The 53 Americans taken hostage in Iran in 1979 will finally get financial compensation that had eluded them for decades, after US lawmakers included a payment provision in sweeping spending legislation.
The men and women taken hostage by militant Iranian student groups at the US embassy and who spent 444 days in captivity will be given restitution of up to $4.4 million each, or $10,000 for each day they were held.
Their ordeal gripped fellow Americans back home, and the hostage crisis ruptured Washington-Tehran relations that had already frayed with the beginning of the Iranian revolution.
Because the deal that set the hostages free in January 1981 barred them from collecting restitution from the Iranian government, the victims had spent decades unsuccessfully pursuing claims.
But when a US judge this year ordered France's largest bank, BNP Paribas, to pay $8.9 billion in fines to settle violations of US sanctions linked to Iran, funding for terrorism victims finally became available.
"Throughout the entire negotiation, I demanded that the hostages, who were barred from getting a settlement through the courts, be included in any compensation package for victims of terrorism," top Senate Democrat Harry Reid said in a statement.
"While a number of them have already passed away, I am pleased with the legislation, which finally provides closure for these Americans, who suffered at the hands of the Iranian regime, along with other victims of terrorism."
The huge "omnibus" spending bill that passed Congress last week and was signed into law by President Barack Obama also provides for compensation for victims of other state-sponsored terror attacks, including the 1983 bombings in Beirut, Lebanon.

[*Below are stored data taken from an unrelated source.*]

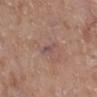workup: no biopsy performed (imaged during a skin exam)
lesion size: ≈3 mm
imaging modality: total-body-photography crop, ~15 mm field of view
site: the right lower leg
lighting: white-light illumination
subject: female, aged approximately 75
image-analysis metrics: an average lesion color of about L≈50 a*≈18 b*≈19 (CIELAB) and a normalized border contrast of about 7; a border-irregularity rating of about 4/10, internal color variation of about 0 on a 0–10 scale, and radial color variation of about 0; a classifier nevus-likeness of about 0/100 and a lesion-detection confidence of about 65/100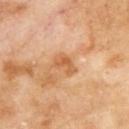Q: Was this lesion biopsied?
A: total-body-photography surveillance lesion; no biopsy
Q: What is the imaging modality?
A: ~15 mm crop, total-body skin-cancer survey
Q: Where on the body is the lesion?
A: the upper back
Q: Who is the patient?
A: male, roughly 70 years of age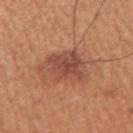notes: imaged on a skin check; not biopsied | lighting: white-light | lesion diameter: ~4.5 mm (longest diameter) | image: ~15 mm tile from a whole-body skin photo | body site: the right upper arm | patient: male, roughly 55 years of age | automated lesion analysis: an average lesion color of about L≈48 a*≈24 b*≈30 (CIELAB), about 9 CIELAB-L* units darker than the surrounding skin, and a normalized border contrast of about 7.5; a color-variation rating of about 4.5/10 and a peripheral color-asymmetry measure near 1.5; an automated nevus-likeness rating near 20 out of 100 and a detector confidence of about 100 out of 100 that the crop contains a lesion.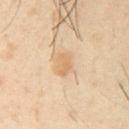Part of a total-body skin-imaging series; this lesion was reviewed on a skin check and was not flagged for biopsy.
A male subject, aged 38 to 42.
The lesion-visualizer software estimated internal color variation of about 1.5 on a 0–10 scale and peripheral color asymmetry of about 0.5.
Captured under cross-polarized illumination.
About 2.5 mm across.
A close-up tile cropped from a whole-body skin photograph, about 15 mm across.
Located on the right upper arm.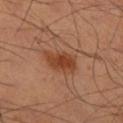Clinical impression:
Imaged during a routine full-body skin examination; the lesion was not biopsied and no histopathology is available.
Background:
A 15 mm crop from a total-body photograph taken for skin-cancer surveillance. A male subject, in their mid- to late 50s. Located on the right lower leg. Measured at roughly 4 mm in maximum diameter.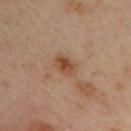| key | value |
|---|---|
| follow-up | total-body-photography surveillance lesion; no biopsy |
| diameter | about 2.5 mm |
| lighting | cross-polarized illumination |
| automated lesion analysis | an eccentricity of roughly 0.75 and a symmetry-axis asymmetry near 0.2 |
| site | the upper back |
| subject | female, aged approximately 40 |
| image | ~15 mm tile from a whole-body skin photo |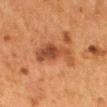Part of a total-body skin-imaging series; this lesion was reviewed on a skin check and was not flagged for biopsy. About 6 mm across. A roughly 15 mm field-of-view crop from a total-body skin photograph. Imaged with cross-polarized lighting. A female subject, aged 48 to 52. The lesion is on the mid back.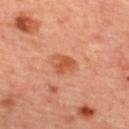{
  "image": {
    "source": "total-body photography crop",
    "field_of_view_mm": 15
  },
  "lighting": "cross-polarized",
  "automated_metrics": {
    "border_irregularity_0_10": 3.5,
    "peripheral_color_asymmetry": 0.5,
    "nevus_likeness_0_100": 70,
    "lesion_detection_confidence_0_100": 100
  },
  "site": "back",
  "lesion_size": {
    "long_diameter_mm_approx": 3.0
  },
  "patient": {
    "sex": "female",
    "age_approx": 45
  }
}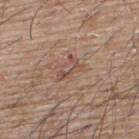follow-up = no biopsy performed (imaged during a skin exam)
subject = male, aged 63 to 67
illumination = white-light illumination
location = the back
acquisition = ~15 mm tile from a whole-body skin photo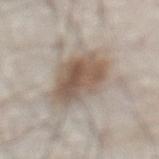Clinical impression: No biopsy was performed on this lesion — it was imaged during a full skin examination and was not determined to be concerning. Acquisition and patient details: A male subject, aged around 80. The lesion is on the abdomen. Measured at roughly 5.5 mm in maximum diameter. The tile uses white-light illumination. A close-up tile cropped from a whole-body skin photograph, about 15 mm across.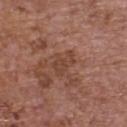Notes:
• body site: the upper back
• subject: female, in their mid- to late 60s
• acquisition: ~15 mm tile from a whole-body skin photo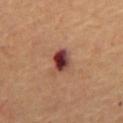* workup — no biopsy performed (imaged during a skin exam)
* site — the chest
* size — about 3.5 mm
* image source — ~15 mm tile from a whole-body skin photo
* subject — male, about 65 years old
* illumination — cross-polarized illumination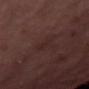Notes:
– biopsy status: imaged on a skin check; not biopsied
– illumination: cross-polarized
– subject: female, about 55 years old
– image: total-body-photography crop, ~15 mm field of view
– location: the right thigh
– image-analysis metrics: an area of roughly 2.5 mm², a shape eccentricity near 0.95, and two-axis asymmetry of about 0.3
– diameter: ~3 mm (longest diameter)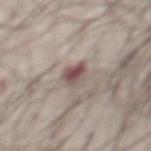Assessment:
The lesion was tiled from a total-body skin photograph and was not biopsied.
Context:
The recorded lesion diameter is about 3 mm. The patient is a male about 70 years old. The total-body-photography lesion software estimated a lesion area of about 5.5 mm², a shape eccentricity near 0.6, and two-axis asymmetry of about 0.2. It also reported a border-irregularity rating of about 2/10 and a within-lesion color-variation index near 7.5/10. The analysis additionally found an automated nevus-likeness rating near 10 out of 100 and a lesion-detection confidence of about 95/100. A 15 mm close-up tile from a total-body photography series done for melanoma screening. From the abdomen.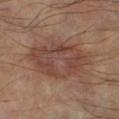• follow-up · imaged on a skin check; not biopsied
• subject · male, aged around 60
• tile lighting · cross-polarized
• imaging modality · ~15 mm crop, total-body skin-cancer survey
• diameter · about 7.5 mm
• anatomic site · the leg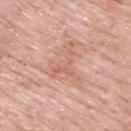{"image": {"source": "total-body photography crop", "field_of_view_mm": 15}, "patient": {"sex": "male", "age_approx": 55}, "site": "upper back"}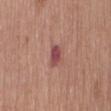Longest diameter approximately 2.5 mm.
Automated tile analysis of the lesion measured a lesion area of about 4 mm² and an eccentricity of roughly 0.8. It also reported a mean CIELAB color near L≈48 a*≈27 b*≈21 and roughly 11 lightness units darker than nearby skin. It also reported a color-variation rating of about 2.5/10 and a peripheral color-asymmetry measure near 0.5.
From the mid back.
A female subject, aged 53–57.
A region of skin cropped from a whole-body photographic capture, roughly 15 mm wide.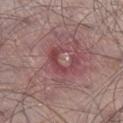| key | value |
|---|---|
| workup | imaged on a skin check; not biopsied |
| patient | male, aged 53–57 |
| lesion size | about 11 mm |
| automated metrics | a border-irregularity rating of about 8/10 and a peripheral color-asymmetry measure near 2; a classifier nevus-likeness of about 0/100 and lesion-presence confidence of about 95/100 |
| image | 15 mm crop, total-body photography |
| anatomic site | the right lower leg |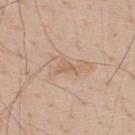Imaged during a routine full-body skin examination; the lesion was not biopsied and no histopathology is available. Cropped from a total-body skin-imaging series; the visible field is about 15 mm. The recorded lesion diameter is about 3.5 mm. A male subject aged 38–42. Located on the upper back.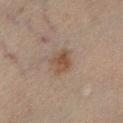Recorded during total-body skin imaging; not selected for excision or biopsy.
On the left lower leg.
A male subject about 45 years old.
Cropped from a total-body skin-imaging series; the visible field is about 15 mm.

Lawmakers said the bill also provides for compensation for victims of the 1998 American embassy bombings in Africa.
It also provides a lump sum of $600,000 in compensation for each of the spouses and children of the Iran hostages.
Learning of the eligibility for restitution provided a sense of vindication for some of the former hostages.
"I had to pull over to the side of the road, and I basically cried," Rodney Sickmann, who was a Marine sergeant performing security guard duty at the embassy in Tehran when he was seized on November 4, 1979, told The New York Times.
"It has been 36 years, one month, 14 days, obviously, until President Obama signed the actual bill, until Iran was held accountable," he added.
There were 66 original captives in the Iran hostage crisis. Thirteen of them were released in November 1979, and one was released in July 1980 because of ill health.
Fifty-two Americans were held the full 444 days.